── RECORDS FOR THE EXERCISE

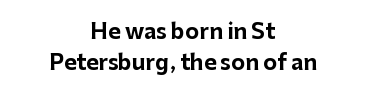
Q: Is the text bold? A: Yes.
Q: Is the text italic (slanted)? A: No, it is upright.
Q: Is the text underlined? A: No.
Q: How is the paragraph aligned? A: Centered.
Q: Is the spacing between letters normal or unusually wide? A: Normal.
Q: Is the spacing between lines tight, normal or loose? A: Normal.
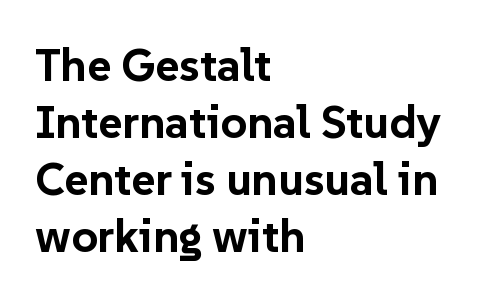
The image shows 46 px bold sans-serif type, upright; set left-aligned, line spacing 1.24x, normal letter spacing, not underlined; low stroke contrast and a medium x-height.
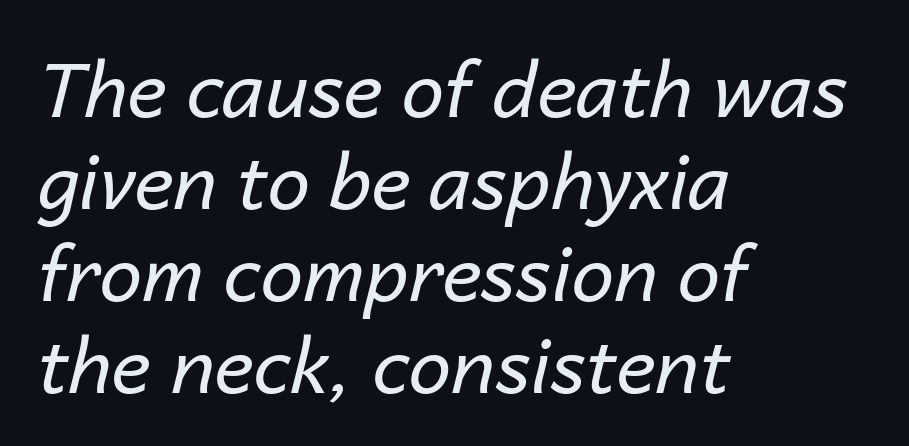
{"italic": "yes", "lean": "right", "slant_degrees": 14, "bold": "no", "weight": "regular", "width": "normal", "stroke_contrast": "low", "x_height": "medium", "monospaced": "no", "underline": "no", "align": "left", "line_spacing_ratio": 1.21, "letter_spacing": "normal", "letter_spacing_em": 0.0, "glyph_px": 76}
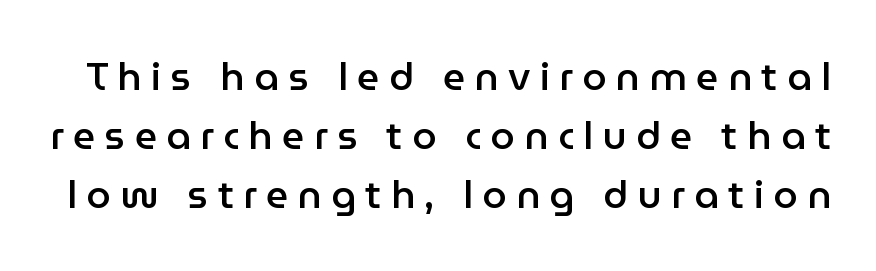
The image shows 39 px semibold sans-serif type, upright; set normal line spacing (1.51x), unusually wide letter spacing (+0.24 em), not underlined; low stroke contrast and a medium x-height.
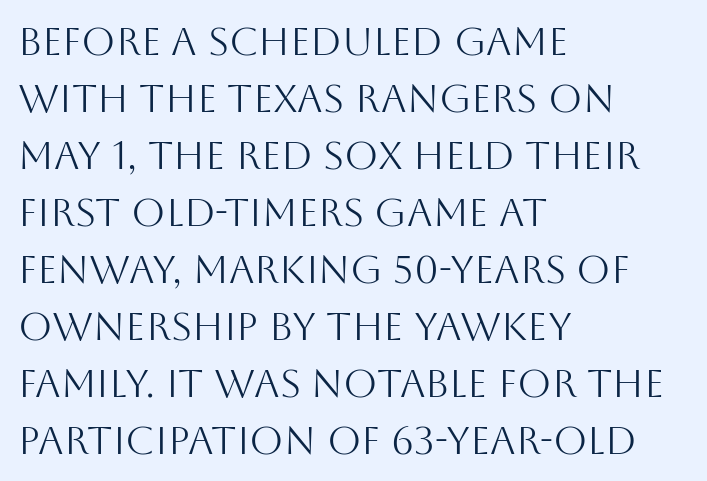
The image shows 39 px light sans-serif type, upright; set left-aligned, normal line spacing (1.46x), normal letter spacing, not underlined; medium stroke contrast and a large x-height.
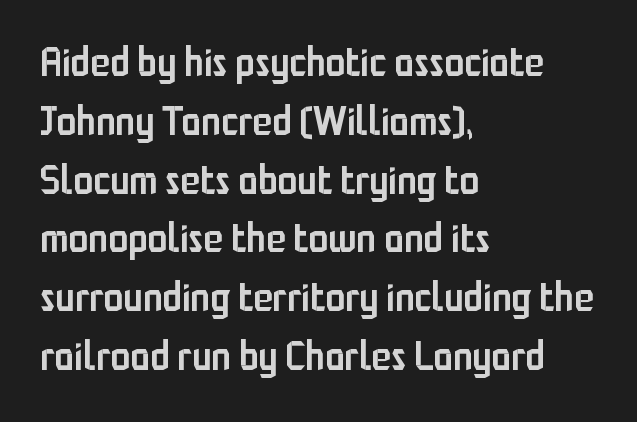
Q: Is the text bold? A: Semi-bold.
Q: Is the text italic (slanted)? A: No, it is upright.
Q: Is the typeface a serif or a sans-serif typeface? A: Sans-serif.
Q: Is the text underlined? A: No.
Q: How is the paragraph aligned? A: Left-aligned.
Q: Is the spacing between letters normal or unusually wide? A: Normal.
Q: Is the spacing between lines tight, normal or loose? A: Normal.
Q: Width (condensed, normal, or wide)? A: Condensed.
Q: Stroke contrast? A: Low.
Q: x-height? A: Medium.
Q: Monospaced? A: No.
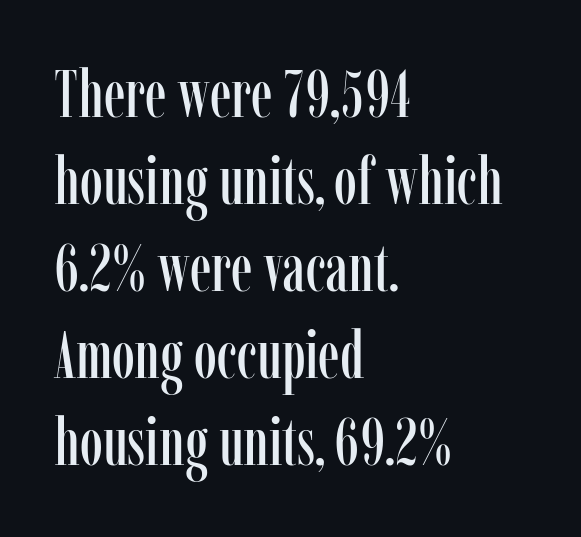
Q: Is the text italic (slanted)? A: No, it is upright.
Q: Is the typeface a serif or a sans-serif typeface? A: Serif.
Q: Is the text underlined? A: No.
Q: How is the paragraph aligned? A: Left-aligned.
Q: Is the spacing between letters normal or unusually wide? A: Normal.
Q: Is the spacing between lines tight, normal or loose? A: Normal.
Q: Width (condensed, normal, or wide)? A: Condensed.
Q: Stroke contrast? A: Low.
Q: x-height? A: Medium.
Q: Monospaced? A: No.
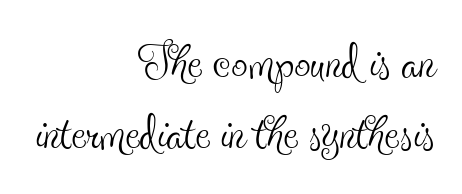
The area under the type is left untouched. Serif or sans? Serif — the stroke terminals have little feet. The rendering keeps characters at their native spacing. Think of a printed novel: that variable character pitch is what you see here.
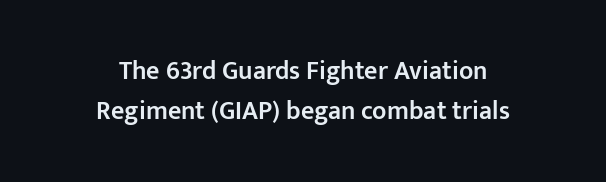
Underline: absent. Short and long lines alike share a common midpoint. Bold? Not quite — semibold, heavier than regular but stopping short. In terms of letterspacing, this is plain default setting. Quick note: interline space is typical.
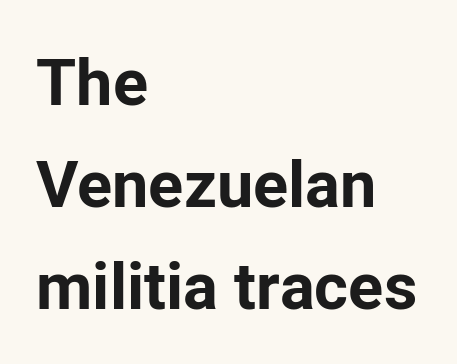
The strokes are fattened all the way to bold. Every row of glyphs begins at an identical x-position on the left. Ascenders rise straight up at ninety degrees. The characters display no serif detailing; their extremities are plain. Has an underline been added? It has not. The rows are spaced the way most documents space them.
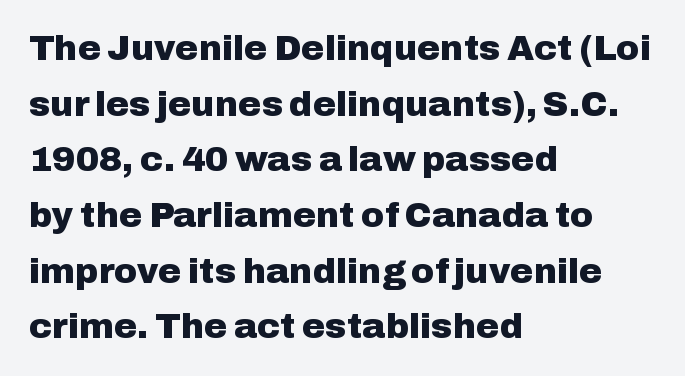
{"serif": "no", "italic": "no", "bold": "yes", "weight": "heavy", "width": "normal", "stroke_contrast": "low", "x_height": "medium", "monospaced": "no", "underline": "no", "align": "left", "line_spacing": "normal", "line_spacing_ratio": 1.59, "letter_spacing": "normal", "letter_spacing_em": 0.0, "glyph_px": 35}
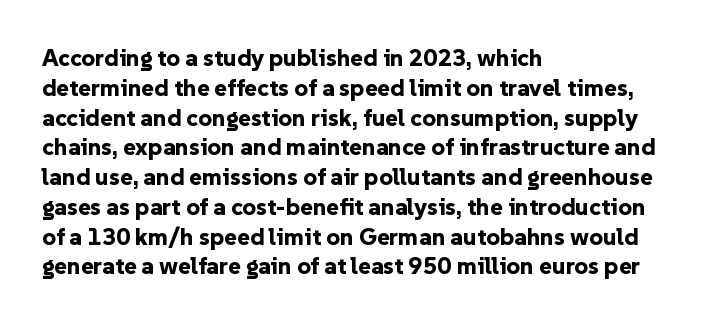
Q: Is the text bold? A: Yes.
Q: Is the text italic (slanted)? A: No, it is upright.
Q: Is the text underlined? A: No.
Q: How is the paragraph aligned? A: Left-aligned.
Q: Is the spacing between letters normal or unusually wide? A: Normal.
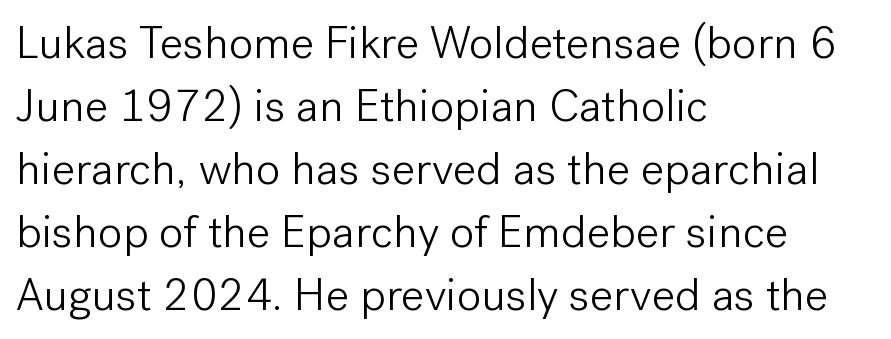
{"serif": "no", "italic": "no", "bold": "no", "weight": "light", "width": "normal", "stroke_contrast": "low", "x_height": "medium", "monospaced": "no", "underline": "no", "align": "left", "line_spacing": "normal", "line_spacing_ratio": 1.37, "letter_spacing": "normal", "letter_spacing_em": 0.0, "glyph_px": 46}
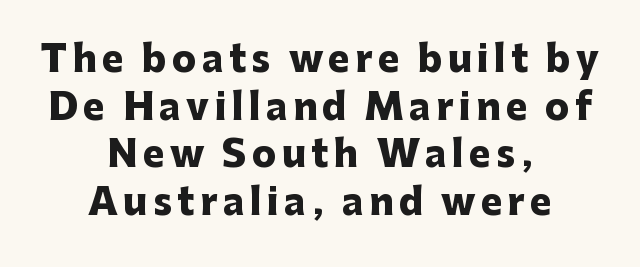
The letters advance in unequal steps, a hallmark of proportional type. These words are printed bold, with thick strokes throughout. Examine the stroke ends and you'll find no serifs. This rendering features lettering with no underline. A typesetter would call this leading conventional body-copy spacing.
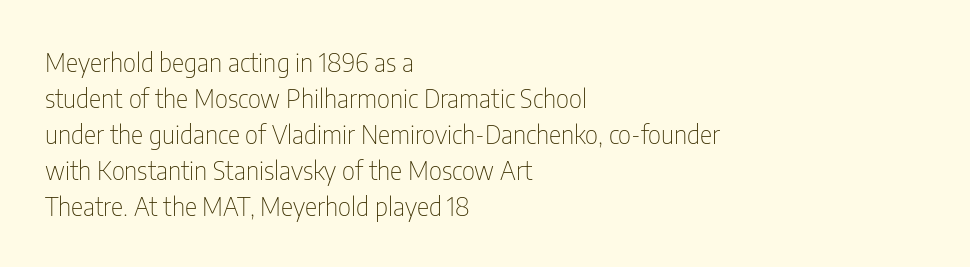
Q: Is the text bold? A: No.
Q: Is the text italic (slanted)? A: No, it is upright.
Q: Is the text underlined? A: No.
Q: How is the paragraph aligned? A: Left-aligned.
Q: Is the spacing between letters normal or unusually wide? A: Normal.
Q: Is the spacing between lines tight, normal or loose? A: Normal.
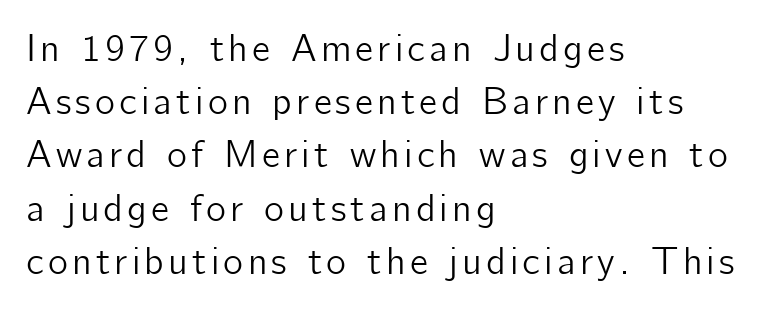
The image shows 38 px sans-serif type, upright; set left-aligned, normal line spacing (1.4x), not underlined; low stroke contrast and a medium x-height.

────

TASK STATEMENT: Reproduce each line of the data containing the word "typeface".

RESPONSE TO THE EXERCISE:
Q: Is the typeface a serif or a sans-serif typeface? A: Sans-serif.
Q: Is the typeface a serif or a sans-serif typeface? A: Serif.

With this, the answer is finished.